Error: incompatible types for (1) in ([1, 2, 3]): int and int[

Yes, I know about .canFind(), but this is something that trips people over and over.

I think it would be better if "in" worked for both assoc arrays and normal arrays, or didn't work at all, for added consistency.
February 29, 2020
On 2/29/20 2:38 PM, JN wrote:
> assert(1 in [1, 2, 3]);
> 
> Error: incompatible types for (1) in ([1, 2, 3]): int and int[
> 
> Yes, I know about .canFind(), but this is something that trips people over and over.
> 
> I think it would be better if "in" worked for both assoc arrays and normal arrays, or didn't work at all, for added consistency.

1. in is supposed to be O(lg(n)) or better. Generic code may depend on this property. Searching an array is O(n).
2. Array elements are not guaranteed to be comparable. AA keys are.
3. As this cannot be done via library, the compiler would have to do it (at least process the syntax), we need to ensure its something we want to do. I don't see it adding much to the language.

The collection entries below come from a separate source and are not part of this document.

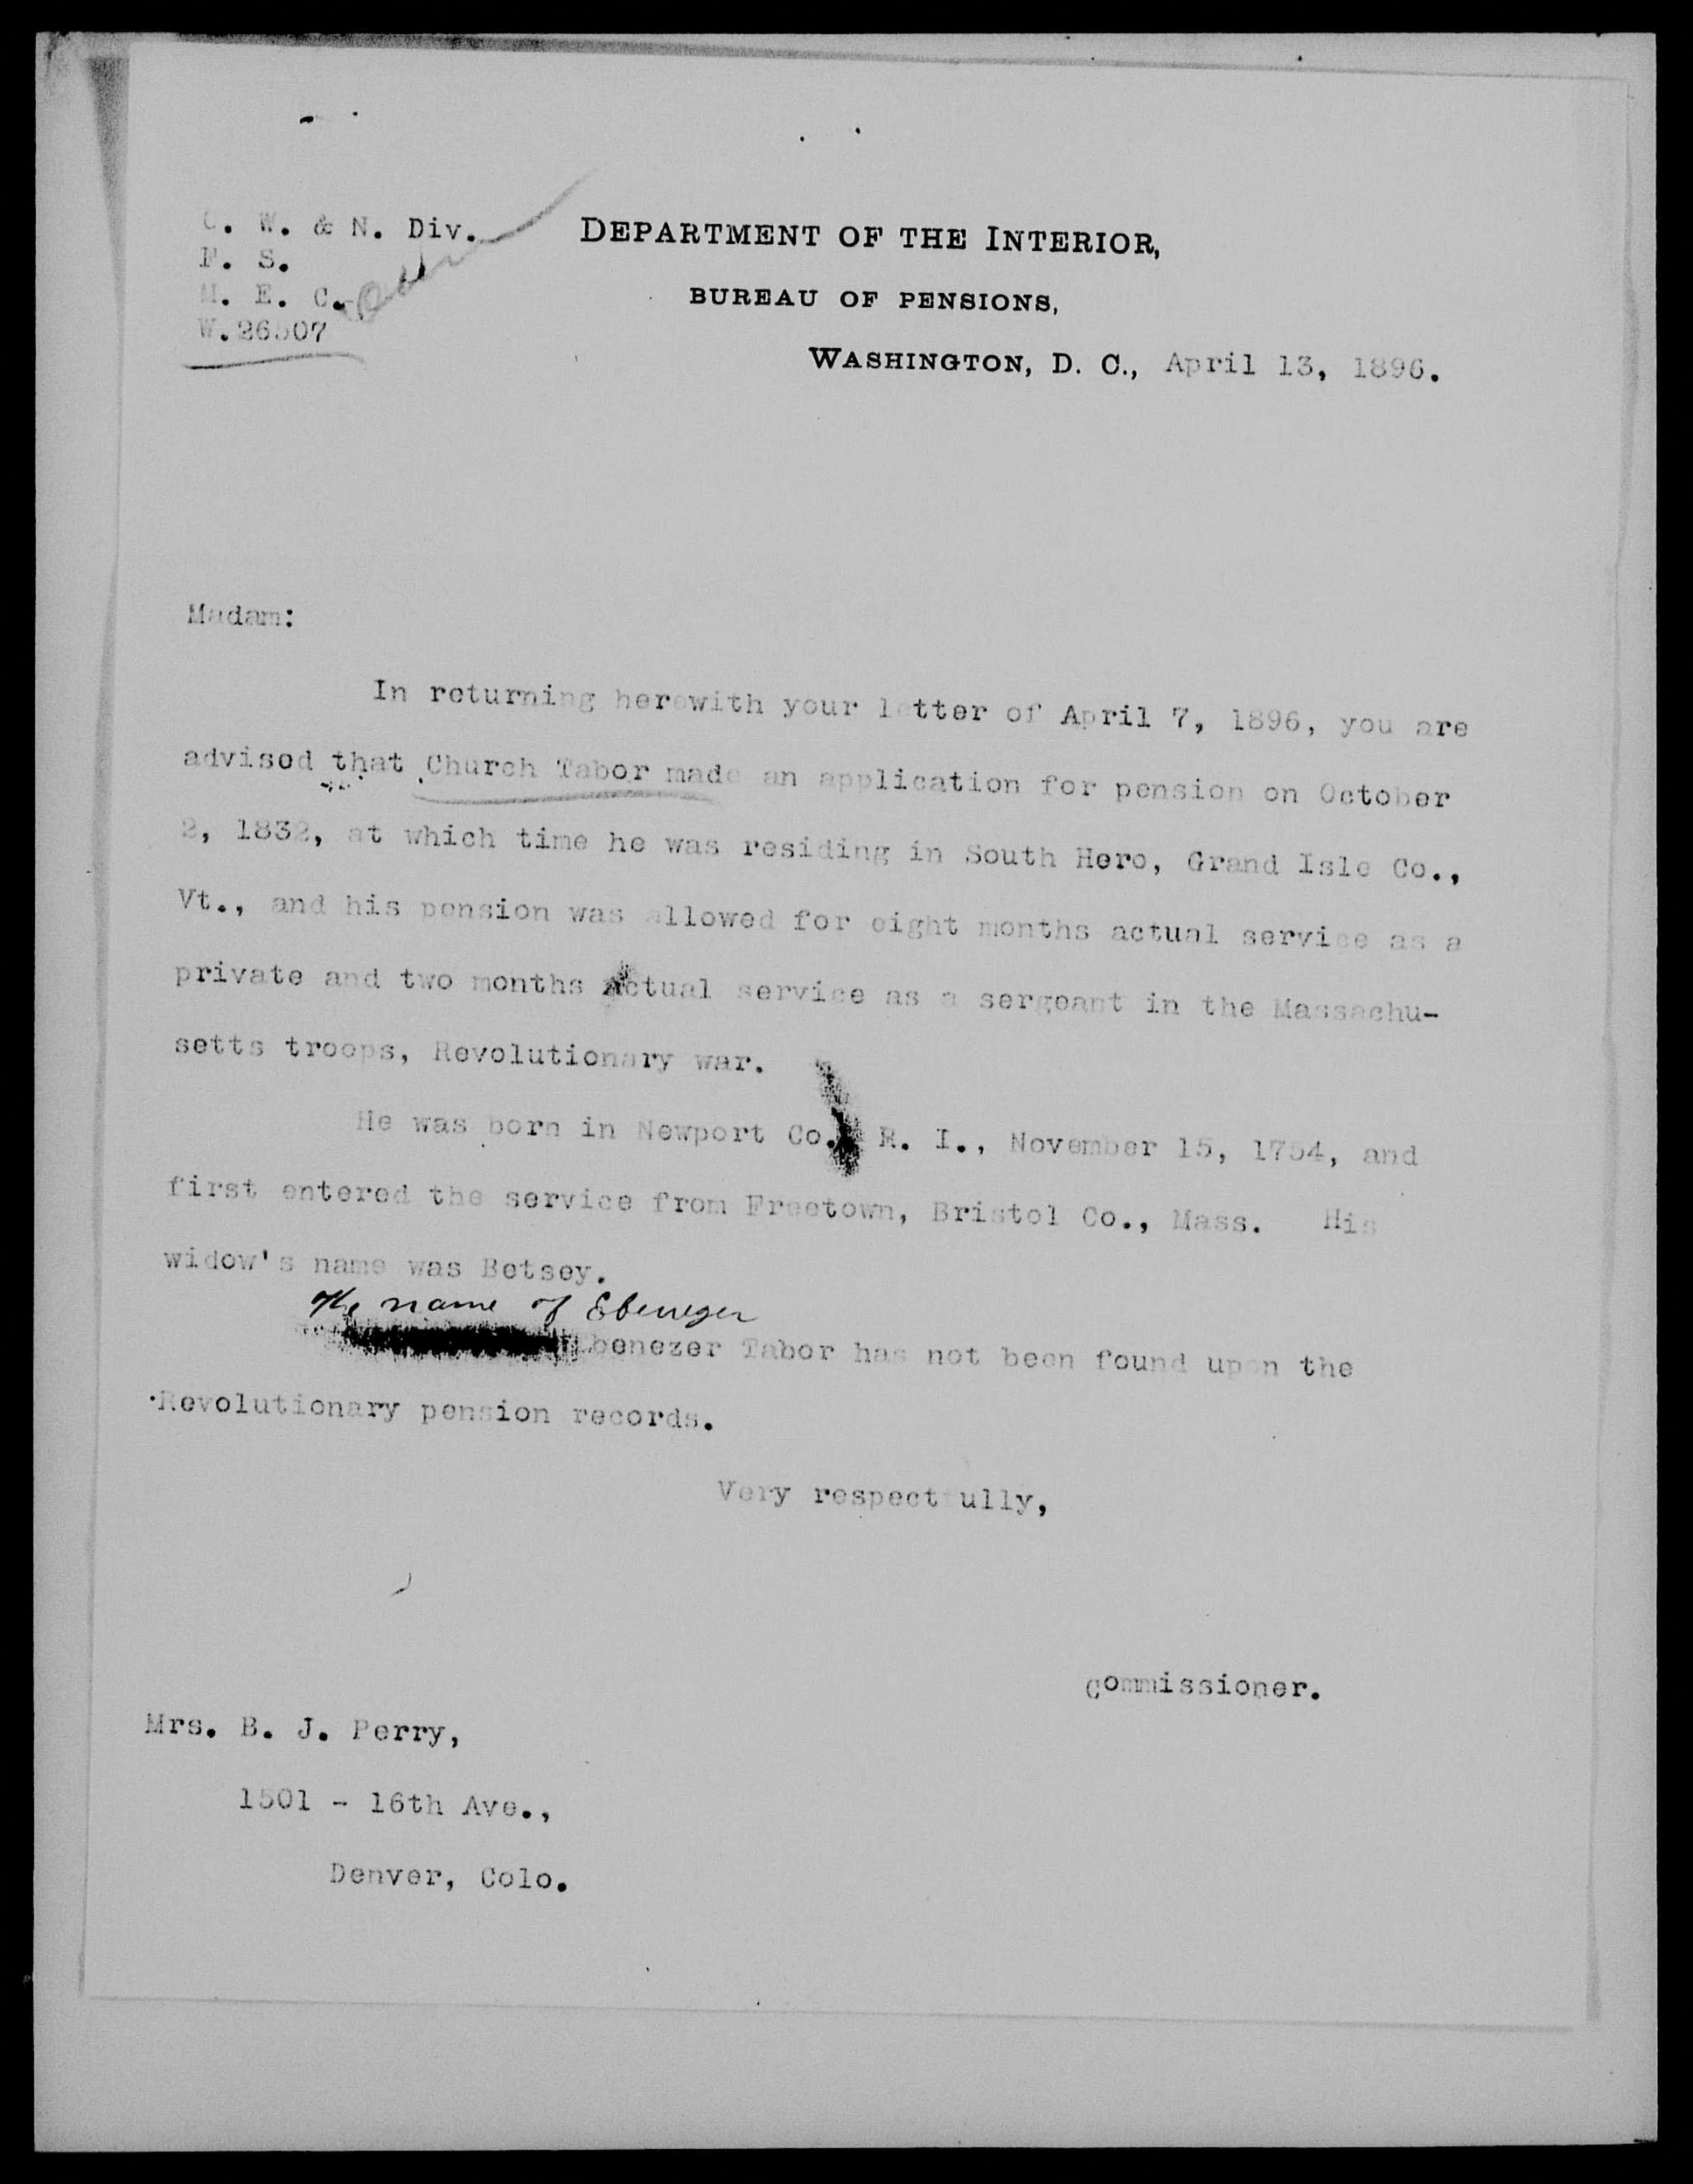O. W. & N. Div.
F. S.
M. E. C.
W. 26507

DEPARTMENT OF THE INTERIOR
Bureau of Pensions
Washington, D. C.  April 13, 1896

Madam:
In returning herewith your letter of April 7  1896, you are advised that Church Tabor made an application for pension on October 2, 1832, at which time he was residing in South Hero, Grand Isle Co., Vt., and his pension was allowed for eight months actual service as a private and two months actual service as a sergeant in the Massachusetts troops, Revolutionary war.
He was born in Newport Co., R. I. November 15, 1754, and first entered the service from Freetown, Bristol, Co., Mass. his widow's name was Betsey.
(words blacked out-inserted is "The name of Ebenezer) Ebenezer Tabor has not been found upon the Revolutionary pension records.
Very respectfully,

Commissioner

Mrs. B. J. Perry,
1501-16th Ave.,
Denver, Colo.

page: 16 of 41
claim: widow's
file: W 26507, for Church Tabor, Massachusetts

What MAY be a good idea is to have a specialized error telling people to import std.algorithm.canFind and use it when they try this.

Another thing that may be useful is having something like "isIn" instead of "canFind", which swaps the left and right parameters to read more naturally.

assert([1,2,3].canFind(1));
vs.
assert(1.isIn([1, 2, 3]));

I'd also add an overload to allow:

assert(1.isIn(1, 2, 3));

-Steve
February 29, 2020
On 2/29/20 11:38 AM, JN wrote:

> assert(1 in [1, 2, 3]);

Because you mentioned canFind, I think you want the semantics to be "is there an element with this value." If so, it would be confusing to use the same operator for two different things: For associative arrays, it means "is there an element accessible with this key."

Unless 'in' works with arrays to mean "is this index valid", then I don't see the benefit. If we had it, I think more people would ask "why does 'in' work differently for arrays?"

Are there other languages that support this semantic? Checking... Ok, Python has it, highly likely because they don't have arrays to begin with.

Ali

March 02, 2020
On Saturday, 29 February 2020 at 21:56:51 UTC, Ali Çehreli wrote:
> Because you mentioned canFind, I think you want the semantics to be "is there an element with this value." If so, it would be confusing to use the same operator for two different things: For associative arrays, it means "is there an element accessible with this key."

Does it? I always viewed it as "is this value in list of keys"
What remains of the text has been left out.